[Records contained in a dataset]
== == ==

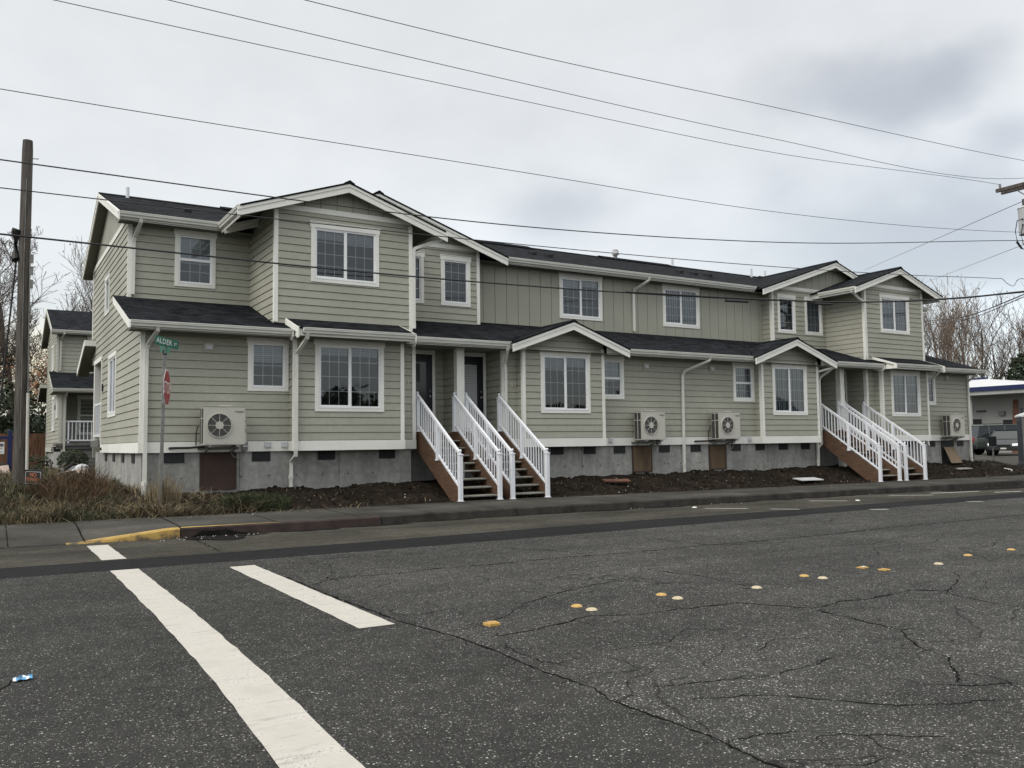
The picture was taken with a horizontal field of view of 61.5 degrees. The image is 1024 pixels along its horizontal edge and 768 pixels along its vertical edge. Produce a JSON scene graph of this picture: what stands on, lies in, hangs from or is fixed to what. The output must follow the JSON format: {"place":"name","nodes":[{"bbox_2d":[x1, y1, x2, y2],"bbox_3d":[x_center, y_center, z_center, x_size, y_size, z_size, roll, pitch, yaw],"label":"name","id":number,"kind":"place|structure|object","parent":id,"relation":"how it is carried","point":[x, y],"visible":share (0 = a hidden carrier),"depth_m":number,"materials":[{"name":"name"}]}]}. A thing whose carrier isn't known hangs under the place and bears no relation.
{"place":"outdoors","nodes":[
{"label":"outdoors","id":0,"kind":"place"},
{"bbox_2d":[0,465,94,483],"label":"yard grass","id":1,"kind":"structure","parent":0,"point":[9,474],"depth_m":27.11,"materials":[{"name":"plant"}]},
{"bbox_2d":[0,465,176,524],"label":"yard","id":2,"kind":"structure","parent":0,"point":[53,504],"depth_m":15.91,"materials":[{"name":"plant"}]},
{"bbox_2d":[0,430,13,471],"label":"yard sign","id":3,"kind":"object","parent":2,"relation":"on","point":[9,437],"visible":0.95,"depth_m":30.88,"materials":[{"name":"blue paint"}]},
{"bbox_2d":[0,139,36,483],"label":"utility pole","id":4,"kind":"object","parent":2,"relation":"on","point":[22,256],"visible":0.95,"depth_m":21.18,"materials":[{"name":"brown wood"}]},
{"bbox_2d":[0,433,46,466],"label":"wooden fence","id":5,"kind":"object","parent":2,"relation":"on","point":[34,446],"visible":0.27,"depth_m":43.81,"materials":[{"name":"brown wood"}]},
{"bbox_2d":[0,268,47,387],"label":"bare tree","id":6,"kind":"object","parent":2,"relation":"on","point":[12,350],"visible":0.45,"depth_m":53.89,"materials":[{"name":"brown plant"}]},
{"bbox_2d":[0,353,60,464],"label":"undergrowth","id":7,"kind":"object","parent":2,"relation":"on","point":[7,423],"visible":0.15,"depth_m":47.68,"materials":[{"name":"green plant"}]},
{"bbox_2d":[23,469,42,484],"bbox_3d":[-11.361,2.396,20.419,0.462,0.740,0.041,-1,-4,1],"label":"warning sign","id":8,"kind":"object","parent":2,"relation":"on","point":[34,473],"visible":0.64,"depth_m":20.42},
{"bbox_2d":[0,226,70,414],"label":"bare tree","id":9,"kind":"object","parent":2,"relation":"on","point":[4,244],"visible":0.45,"depth_m":57.91,"materials":[{"name":"brown plant"}]},
{"bbox_2d":[28,454,52,469],"bbox_3d":[-17.602,3.046,31.886,1.153,0.917,1.144,2,-5,-32],"label":"shrub","id":10,"kind":"object","parent":2,"relation":"on","point":[40,462],"visible":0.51,"depth_m":31.79,"materials":[{"name":"green plant"}]},
{"bbox_2d":[16,457,130,505],"bbox_3d":[-8.990,1.953,17.803,2.386,1.026,3.364,2,-5,-32],"label":"weed clump","id":11,"kind":"object","parent":2,"relation":"on","point":[76,484],"visible":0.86,"depth_m":17.18,"materials":[{"name":"brown plant"}]},
{"bbox_2d":[0,522,273,548],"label":"curb","id":12,"kind":"structure","parent":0,"point":[38,545],"depth_m":12.67,"materials":[{"name":"concrete"}]},
{"bbox_2d":[0,560,776,767],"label":"road","id":13,"kind":"structure","parent":0,"point":[121,678],"depth_m":4.95,"materials":[{"name":"asphalt"}]},
{"bbox_2d":[13,674,32,680],"bbox_3d":[-3.000,1.796,5.275,0.121,0.025,0.074,3,-5,-42],"label":"wrapper","id":14,"kind":"object","parent":13,"relation":"on","point":[23,677],"visible":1,"depth_m":5.26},
{"bbox_2d":[111,569,364,767],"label":"crosswalk stripe","id":15,"kind":"object","parent":13,"relation":"on","point":[287,730],"visible":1,"depth_m":4.98,"materials":[{"name":"paint"}]},
{"bbox_2d":[230,565,393,627],"bbox_3d":[-2.144,2.039,8.525,0.311,0.002,4.160,2,-5,-32],"label":"stop bar","id":16,"kind":"object","parent":13,"relation":"on","point":[350,614],"visible":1,"depth_m":7.97,"materials":[{"name":"paint"}]},
{"bbox_2d":[0,488,1023,567],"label":"road","id":17,"kind":"structure","parent":0,"point":[50,555],"depth_m":14.56,"materials":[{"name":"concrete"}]},
{"bbox_2d":[87,545,126,559],"bbox_3d":[-5.596,2.309,11.834,0.300,0.002,1.930,2,-5,-32],"label":"crosswalk stripe","id":18,"kind":"object","parent":17,"relation":"on","point":[104,552],"visible":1,"depth_m":11.76,"materials":[{"name":"paint"}]},
{"bbox_2d":[66,527,179,544],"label":"curb","id":19,"kind":"structure","parent":17,"relation":"on","point":[168,533],"depth_m":13.34,"materials":[{"name":"paint"}]},
{"bbox_2d":[184,485,1023,539],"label":"gutter stain","id":20,"kind":"object","parent":17,"relation":"on","point":[221,534],"visible":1,"depth_m":14.78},
{"bbox_2d":[0,475,1023,546],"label":"sidewalk","id":21,"kind":"structure","parent":0,"point":[40,533],"depth_m":16.23,"materials":[{"name":"concrete"}]},
{"bbox_2d":[4,502,377,525],"bbox_3d":[-6.508,2.314,15.285,9.236,0.187,1.121,2,-5,-34],"label":"fallen straw","id":22,"kind":"object","parent":21,"relation":"on","point":[189,513],"visible":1,"depth_m":15.61,"materials":[{"name":"beige plant"}]},
{"bbox_2d":[179,516,381,537],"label":"curb","id":23,"kind":"structure","parent":21,"relation":"on","point":[263,527],"depth_m":14.62,"materials":[{"name":"concrete"}]},
{"bbox_2d":[380,507,516,524],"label":"curb","id":24,"kind":"structure","parent":21,"relation":"on","point":[436,516],"depth_m":16.55,"materials":[{"name":"concrete"}]},
{"bbox_2d":[416,391,505,501],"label":"entry staircase","id":25,"kind":"structure","parent":21,"relation":"on","point":[453,487],"depth_m":20.09,"materials":[{"name":"wood"}]},
{"bbox_2d":[465,393,552,499],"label":"entry staircase","id":26,"kind":"structure","parent":21,"relation":"on","point":[525,468],"depth_m":20.73,"materials":[{"name":"wood"}]},
{"bbox_2d":[513,501,631,514],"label":"curb","id":27,"kind":"structure","parent":21,"relation":"on","point":[530,510],"depth_m":18.24,"materials":[{"name":"concrete"}]},
{"bbox_2d":[631,496,729,507],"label":"curb","id":28,"kind":"structure","parent":21,"relation":"on","point":[676,502],"depth_m":19.84,"materials":[{"name":"concrete"}]},
{"bbox_2d":[729,491,813,502],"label":"curb","id":29,"kind":"structure","parent":21,"relation":"on","point":[768,497],"depth_m":21.46,"materials":[{"name":"concrete"}]},
{"bbox_2d":[811,488,886,497],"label":"curb","id":30,"kind":"structure","parent":21,"relation":"on","point":[846,492],"depth_m":23.08,"materials":[{"name":"concrete"}]},
{"bbox_2d":[819,401,902,481],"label":"entry staircase","id":31,"kind":"structure","parent":21,"relation":"on","point":[859,458],"depth_m":27.64,"materials":[{"name":"wood"}]},
{"bbox_2d":[845,401,929,480],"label":"entry staircase","id":32,"kind":"structure","parent":21,"relation":"on","point":[911,469],"depth_m":28.31,"materials":[{"name":"wood"}]},
{"bbox_2d":[882,484,949,492],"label":"curb","id":33,"kind":"structure","parent":21,"relation":"on","point":[900,489],"depth_m":24.68,"materials":[{"name":"concrete"}]},
{"bbox_2d":[949,481,1003,488],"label":"curb","id":34,"kind":"structure","parent":21,"relation":"on","point":[974,485],"depth_m":26.36,"materials":[{"name":"concrete"}]},
{"bbox_2d":[995,182,1023,248],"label":"utility pole","id":35,"kind":"object","parent":21,"relation":"on","point":[1018,187],"visible":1,"depth_m":30.10,"materials":[{"name":"brown wood"}]},
{"bbox_2d":[1,89,1005,231],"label":"overhead line","id":36,"kind":"object","parent":35,"relation":"attached to","point":[444,159],"visible":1,"depth_m":17.76,"materials":[{"name":"metal"}]},
{"bbox_2d":[0,187,1022,285],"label":"overhead line","id":37,"kind":"object","parent":35,"relation":"attached to","point":[453,237],"visible":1,"depth_m":17.63,"materials":[{"name":"metal"}]},
{"bbox_2d":[0,233,1023,305],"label":"overhead cable","id":38,"kind":"object","parent":35,"relation":"attached to","point":[742,300],"visible":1,"depth_m":19.51,"materials":[{"name":"rubber"}]},
{"bbox_2d":[923,294,1023,321],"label":"service wire","id":39,"kind":"object","parent":38,"relation":"attached to","point":[978,312],"visible":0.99,"depth_m":37.20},
{"bbox_2d":[0,159,1023,243],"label":"overhead line","id":40,"kind":"object","parent":35,"relation":"attached to","point":[449,218],"visible":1,"depth_m":17.60,"materials":[{"name":"metal"}]},
{"bbox_2d":[55,0,999,184],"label":"overhead line","id":41,"kind":"object","parent":35,"relation":"attached to","point":[470,89],"visible":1,"depth_m":19.10,"materials":[{"name":"metal"}]},
{"bbox_2d":[169,0,1018,178],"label":"overhead line","id":42,"kind":"object","parent":35,"relation":"attached to","point":[551,89],"visible":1,"depth_m":19.21,"materials":[{"name":"metal"}]},
{"bbox_2d":[305,0,1023,160],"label":"overhead line","id":43,"kind":"object","parent":35,"relation":"attached to","point":[630,76],"visible":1,"depth_m":18.87,"materials":[{"name":"metal"}]},
{"bbox_2d":[1003,480,1023,485],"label":"curb","id":44,"kind":"structure","parent":21,"relation":"on","point":[1012,482],"depth_m":27.60,"materials":[{"name":"concrete"}]},
{"bbox_2d":[0,493,1023,578],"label":"road","id":45,"kind":"structure","parent":0,"point":[46,570],"depth_m":12.87,"materials":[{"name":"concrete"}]},
{"bbox_2d":[0,0,1023,431],"label":"sky","id":46,"kind":"structure","parent":0,"point":[946,72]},
{"bbox_2d":[122,460,1023,516],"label":"soil","id":47,"kind":"structure","parent":0,"point":[649,482],"depth_m":22.65,"materials":[{"name":"soil"}]},
{"bbox_2d":[141,470,188,507],"bbox_3d":[-6.685,1.995,16.648,1.016,0.976,0.989,2,-5,-32],"label":"weed clump","id":48,"kind":"object","parent":47,"relation":"on","point":[173,491],"visible":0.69,"depth_m":16.60,"materials":[{"name":"brown plant"}]},
{"bbox_2d":[155,335,178,507],"bbox_3d":[-6.705,0.764,16.615,0.296,3.365,0.677,-1,-4,-1],"label":"street sign","id":49,"kind":"object","parent":47,"relation":"on","point":[166,344],"visible":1,"depth_m":16.58,"materials":[{"name":"metal"}]},
{"bbox_2d":[124,486,275,516],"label":"dry grass","id":50,"kind":"structure","parent":47,"relation":"on","point":[174,510],"depth_m":16.26,"materials":[{"name":"plant"}]},
{"bbox_2d":[213,488,295,511],"bbox_3d":[-4.942,2.240,16.779,2.055,0.548,1.415,2,-5,-32],"label":"green grass tuft","id":51,"kind":"object","parent":47,"relation":"on","point":[281,502],"visible":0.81,"depth_m":16.66,"materials":[{"name":"plant"}]},
{"bbox_2d":[183,461,1012,514],"bbox_3d":[6.564,2.796,25.305,32.001,0.581,4.297,2,-5,-32],"label":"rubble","id":52,"kind":"object","parent":47,"relation":"on","point":[585,479],"visible":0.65,"depth_m":22.19,"materials":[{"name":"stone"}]},
{"bbox_2d":[944,447,961,462],"bbox_3d":[16.430,2.638,32.052,0.720,0.596,0.270,2,-5,-32],"label":"plywood sheet","id":53,"kind":"object","parent":47,"relation":"on","point":[952,454],"visible":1,"depth_m":32.03,"materials":[{"name":"wood"}]},
{"bbox_2d":[988,436,996,460],"bbox_3d":[19.884,2.828,35.558,0.380,1.330,0.140,2,-5,-32],"label":"meter post","id":54,"kind":"object","parent":47,"relation":"on","point":[992,440],"visible":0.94,"depth_m":35.52,"materials":[{"name":"metal"}]},
{"bbox_2d":[258,497,1023,767],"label":"road","id":55,"kind":"structure","parent":0,"point":[868,664],"depth_m":6.98,"materials":[{"name":"asphalt"}]},
{"bbox_2d":[0,510,1023,767],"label":"pavement cracks","id":56,"kind":"object","parent":55,"relation":"on","point":[688,628],"visible":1,"depth_m":5.92,"materials":[{"name":"asphalt"}]},
{"bbox_2d":[974,453,1018,464],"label":"parking lot","id":57,"kind":"structure","parent":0,"point":[1010,458],"depth_m":44.63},
{"bbox_2d":[923,313,946,354],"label":"bare tree","id":58,"kind":"object","parent":57,"relation":"on","point":[925,344],"visible":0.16,"depth_m":71.94,"materials":[{"name":"brown plant"}]},
{"bbox_2d":[916,276,988,363],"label":"bare tree","id":59,"kind":"object","parent":57,"relation":"on","point":[951,336],"visible":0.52,"depth_m":72.91,"materials":[{"name":"brown plant"}]},
{"bbox_2d":[923,290,998,377],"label":"bare tree","id":60,"kind":"object","parent":57,"relation":"on","point":[939,341],"visible":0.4,"depth_m":72.94,"materials":[{"name":"brown plant"}]},
{"bbox_2d":[931,281,991,377],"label":"bare tree","id":61,"kind":"object","parent":57,"relation":"on","point":[963,358],"visible":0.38,"depth_m":73.92,"materials":[{"name":"brown plant"}]},
{"bbox_2d":[945,287,1023,379],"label":"bare tree","id":62,"kind":"object","parent":57,"relation":"on","point":[999,371],"visible":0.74,"depth_m":73.67,"materials":[{"name":"brown plant"}]},
{"bbox_2d":[964,308,1015,379],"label":"bare tree","id":63,"kind":"object","parent":57,"relation":"on","point":[993,362],"visible":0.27,"depth_m":75.46,"materials":[{"name":"brown plant"}]},
{"bbox_2d":[969,423,1016,454],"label":"parked suv","id":64,"kind":"object","parent":57,"relation":"on","point":[980,432],"visible":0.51,"depth_m":49.91,"materials":[{"name":"grey metal"}]},
{"bbox_2d":[969,377,1023,452],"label":"shop building","id":65,"kind":"structure","parent":57,"relation":"on","point":[1003,402],"depth_m":59.46,"materials":[{"name":"white paint"}]},
{"bbox_2d":[985,430,1017,454],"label":"parked sedan","id":66,"kind":"object","parent":57,"relation":"on","point":[1007,440],"visible":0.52,"depth_m":47.74,"materials":[{"name":"silver metal"}]},
{"bbox_2d":[979,313,1023,378],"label":"bare tree","id":67,"kind":"object","parent":57,"relation":"on","point":[1008,338],"visible":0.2,"depth_m":77.89,"materials":[{"name":"brown plant"}]},
{"bbox_2d":[990,279,1023,371],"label":"bare tree","id":68,"kind":"object","parent":57,"relation":"on","point":[1021,329],"visible":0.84,"depth_m":75.28,"materials":[{"name":"brown plant"}]},
{"bbox_2d":[1001,352,1023,380],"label":"evergreen tree","id":69,"kind":"object","parent":57,"relation":"on","point":[1017,368],"visible":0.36,"depth_m":74.20,"materials":[{"name":"green plant"}]},
{"bbox_2d":[1014,407,1023,465],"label":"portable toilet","id":70,"kind":"object","parent":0,"point":[1020,426],"visible":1,"depth_m":35.37,"materials":[{"name":"plastic"}]},
{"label":"yard","id":71,"kind":"structure","parent":0,"visible":0},
{"bbox_2d":[0,355,47,421],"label":"tree","id":72,"kind":"object","parent":71,"relation":"on","point":[43,403],"visible":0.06,"depth_m":54.05,"materials":[{"name":"brown plant"}]},
{"bbox_2d":[5,283,92,386],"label":"bare tree","id":73,"kind":"object","parent":71,"relation":"on","point":[87,300],"visible":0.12,"depth_m":62.28,"materials":[{"name":"brown plant"}]},
{"bbox_2d":[37,309,94,469],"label":"house","id":74,"kind":"structure","parent":71,"relation":"on","point":[66,393],"depth_m":38.40,"materials":[{"name":"wood"}]},
{"bbox_2d":[52,396,54,430],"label":"window","id":75,"kind":"structure","parent":74,"relation":"in","point":[53,398],"depth_m":38.54,"materials":[{"name":"plastic"}]},
{"bbox_2d":[77,395,93,434],"bbox_3d":[-18.670,1.390,38.553,1.520,1.768,0.105,2,-5,-32],"label":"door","id":76,"kind":"structure","parent":74,"relation":"in","point":[79,397],"depth_m":38.23,"materials":[{"name":"plastic"}]},
{"bbox_2d":[56,449,88,467],"bbox_3d":[-17.860,3.147,35.006,1.230,1.055,1.215,2,-5,-32],"label":"shrub","id":77,"kind":"object","parent":71,"relation":"on","point":[66,455],"visible":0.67,"depth_m":34.76,"materials":[{"name":"green plant"}]},
{"bbox_2d":[58,236,92,310],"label":"bare tree","id":78,"kind":"object","parent":71,"relation":"on","point":[81,256],"visible":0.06,"depth_m":68.40,"materials":[{"name":"brown plant"}]},
{"bbox_2d":[60,256,92,311],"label":"bare tree","id":79,"kind":"object","parent":71,"relation":"on","point":[88,289],"visible":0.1,"depth_m":65.11,"materials":[{"name":"brown plant"}]},
{"bbox_2d":[77,180,986,502],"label":"townhouse building","id":80,"kind":"structure","parent":71,"relation":"on","point":[323,376],"depth_m":22.44,"materials":[{"name":"wood"}]},
{"bbox_2d":[104,271,110,316],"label":"window","id":81,"kind":"structure","parent":80,"relation":"in","point":[107,278],"depth_m":22.92,"materials":[{"name":"plastic"}]},
{"bbox_2d":[107,349,117,417],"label":"window","id":82,"kind":"structure","parent":80,"relation":"in","point":[112,360],"depth_m":21.55,"materials":[{"name":"plastic"}]},
{"bbox_2d":[174,229,216,288],"bbox_3d":[-7.689,-2.863,20.700,1.274,1.549,0.755,2,-5,-32],"label":"window","id":83,"kind":"structure","parent":80,"relation":"in","point":[189,270],"depth_m":20.54,"materials":[{"name":"plastic"}]},
{"bbox_2d":[168,405,247,458],"bbox_3d":[-6.306,1.017,18.052,1.616,1.139,0.531,2,-5,-32],"label":"air conditioner","id":84,"kind":"object","parent":80,"relation":"attached to","point":[222,424],"visible":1,"depth_m":18.01,"materials":[{"name":"white plastic"}]},
{"bbox_2d":[199,452,236,489],"bbox_3d":[-6.268,1.858,18.358,0.760,0.785,0.040,2,-5,-32],"label":"crawl space door","id":85,"kind":"structure","parent":80,"relation":"in","point":[218,471],"depth_m":18.34,"materials":[{"name":"wood"}]},
{"bbox_2d":[246,337,289,391],"bbox_3d":[-5.572,-0.339,19.336,1.244,1.389,0.755,2,-5,-32],"label":"window","id":86,"kind":"structure","parent":80,"relation":"in","point":[268,358],"depth_m":19.20,"materials":[{"name":"glass"}]},
{"bbox_2d":[310,220,380,286],"bbox_3d":[-4.077,-2.933,20.458,2.014,1.599,0.755,2,-5,-32],"label":"window","id":87,"kind":"structure","parent":80,"relation":"in","point":[337,247],"depth_m":20.52,"materials":[{"name":"plastic"}]},
{"bbox_2d":[314,339,384,411],"bbox_3d":[-3.886,-0.090,20.001,2.004,1.839,0.755,2,-5,-32],"label":"window","id":88,"kind":"structure","parent":80,"relation":"in","point":[349,375],"depth_m":20.13,"materials":[{"name":"glass"}]},
{"bbox_2d":[415,251,424,303],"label":"window","id":89,"kind":"structure","parent":80,"relation":"in","point":[419,256],"depth_m":23.01,"materials":[{"name":"plastic"}]},
{"bbox_2d":[416,350,435,431],"bbox_3d":[-2.380,0.179,21.810,0.970,2.110,0.122,2,-5,-32],"label":"door","id":90,"kind":"structure","parent":80,"relation":"in","point":[425,359],"depth_m":21.96,"materials":[{"name":"black glass"}]},
{"bbox_2d":[439,254,470,306],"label":"window","id":91,"kind":"structure","parent":80,"relation":"in","point":[453,293],"depth_m":23.75,"materials":[{"name":"glass"}]},
{"bbox_2d":[464,352,485,431],"bbox_3d":[-1.102,0.216,22.594,0.970,2.110,0.122,2,-5,-32],"label":"door","id":92,"kind":"structure","parent":80,"relation":"in","point":[474,363],"depth_m":22.72,"materials":[{"name":"black glass"}]},
{"bbox_2d":[539,349,590,412],"bbox_3d":[1.252,0.043,23.154,1.944,1.854,0.755,2,-5,-32],"label":"window","id":93,"kind":"structure","parent":80,"relation":"in","point":[565,376],"depth_m":23.23,"materials":[{"name":"glass"}]},
{"bbox_2d":[558,272,602,320],"bbox_3d":[1.932,-2.561,26.600,1.954,1.589,0.755,2,-5,-32],"label":"window","id":94,"kind":"structure","parent":80,"relation":"in","point":[573,304],"depth_m":26.65,"materials":[{"name":"glass"}]},
{"bbox_2d":[604,356,623,398],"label":"window","id":95,"kind":"structure","parent":80,"relation":"in","point":[614,365],"depth_m":24.23,"materials":[{"name":"plastic"}]},
{"bbox_2d":[632,446,652,471],"bbox_3d":[3.702,2.130,24.474,0.720,0.745,0.040,2,-5,-32],"label":"crawl space door","id":96,"kind":"structure","parent":80,"relation":"in","point":[641,455],"depth_m":24.46,"materials":[{"name":"wood"}]},
{"bbox_2d":[631,410,665,450],"bbox_3d":[3.932,1.317,24.326,1.035,1.139,0.520,2,-5,-32],"label":"air conditioner","id":97,"kind":"object","parent":80,"relation":"attached to","point":[650,425],"visible":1,"depth_m":24.11,"materials":[{"name":"white plastic"}]},
{"bbox_2d":[661,284,699,328],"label":"window","id":98,"kind":"structure","parent":80,"relation":"in","point":[681,312],"depth_m":28.48,"materials":[{"name":"glass"}]},
{"bbox_2d":[694,411,740,448],"bbox_3d":[6.212,1.384,25.730,1.616,1.139,0.531,2,-5,-32],"label":"air conditioner","id":99,"kind":"object","parent":80,"relation":"attached to","point":[725,426],"visible":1,"depth_m":25.66,"materials":[{"name":"white plastic"}]},
{"bbox_2d":[708,445,726,468],"bbox_3d":[6.221,2.211,26.018,0.710,0.730,0.040,2,-5,-32],"label":"crawl space door","id":100,"kind":"structure","parent":80,"relation":"in","point":[717,453],"depth_m":26.00,"materials":[{"name":"wood"}]},
{"bbox_2d":[732,362,754,401],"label":"window","id":101,"kind":"structure","parent":80,"relation":"in","point":[743,386],"depth_m":26.85,"materials":[{"name":"plastic"}]},
{"bbox_2d":[754,362,807,414],"bbox_3d":[8.683,0.261,27.712,1.944,1.854,0.755,2,-5,-32],"label":"window","id":102,"kind":"structure","parent":80,"relation":"in","point":[789,381],"depth_m":27.47,"materials":[{"name":"glass"}]},
{"bbox_2d":[776,293,795,333],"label":"window","id":103,"kind":"structure","parent":80,"relation":"in","point":[786,314],"depth_m":30.65,"materials":[{"name":"glass"}]},
{"bbox_2d":[803,296,822,335],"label":"window","id":104,"kind":"structure","parent":80,"relation":"in","point":[813,313],"depth_m":31.28,"materials":[{"name":"glass"}]},
{"bbox_2d":[878,293,909,334],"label":"window","id":105,"kind":"structure","parent":80,"relation":"in","point":[894,316],"depth_m":31.06,"materials":[{"name":"glass"}]},
{"bbox_2d":[873,370,921,420],"bbox_3d":[13.822,0.429,30.862,2.004,1.839,0.755,2,-5,-32],"label":"window","id":106,"kind":"structure","parent":80,"relation":"in","point":[905,385],"depth_m":30.63,"materials":[{"name":"glass"}]},
{"bbox_2d":[928,373,935,404],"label":"window","id":107,"kind":"structure","parent":80,"relation":"in","point":[931,384],"depth_m":31.97,"materials":[{"name":"plastic"}]},
{"bbox_2d":[941,441,953,463],"bbox_3d":[16.319,2.603,32.216,0.780,0.940,0.040,2,-5,-32],"label":"crawl space door","id":108,"kind":"structure","parent":80,"relation":"in","point":[945,459],"depth_m":32.11,"materials":[{"name":"black"}]},
{"bbox_2d":[940,414,964,444],"bbox_3d":[16.450,1.684,32.003,1.035,1.139,0.520,2,-5,-32],"label":"air conditioner","id":109,"kind":"object","parent":80,"relation":"attached to","point":[954,425],"visible":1,"depth_m":31.78,"materials":[{"name":"white plastic"}]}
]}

== == ==

Report each line above containing the string "black".

> _Task response_
{"bbox_2d":[416,350,435,431],"bbox_3d":[-2.380,0.179,21.810,0.970,2.110,0.122,2,-5,-32],"label":"door","id":90,"kind":"structure","parent":80,"relation":"in","point":[425,359],"depth_m":21.96,"materials":[{"name":"black glass"}]},
{"bbox_2d":[464,352,485,431],"bbox_3d":[-1.102,0.216,22.594,0.970,2.110,0.122,2,-5,-32],"label":"door","id":92,"kind":"structure","parent":80,"relation":"in","point":[474,363],"depth_m":22.72,"materials":[{"name":"black glass"}]},
{"bbox_2d":[941,441,953,463],"bbox_3d":[16.319,2.603,32.216,0.780,0.940,0.040,2,-5,-32],"label":"crawl space door","id":108,"kind":"structure","parent":80,"relation":"in","point":[945,459],"depth_m":32.11,"materials":[{"name":"black"}]},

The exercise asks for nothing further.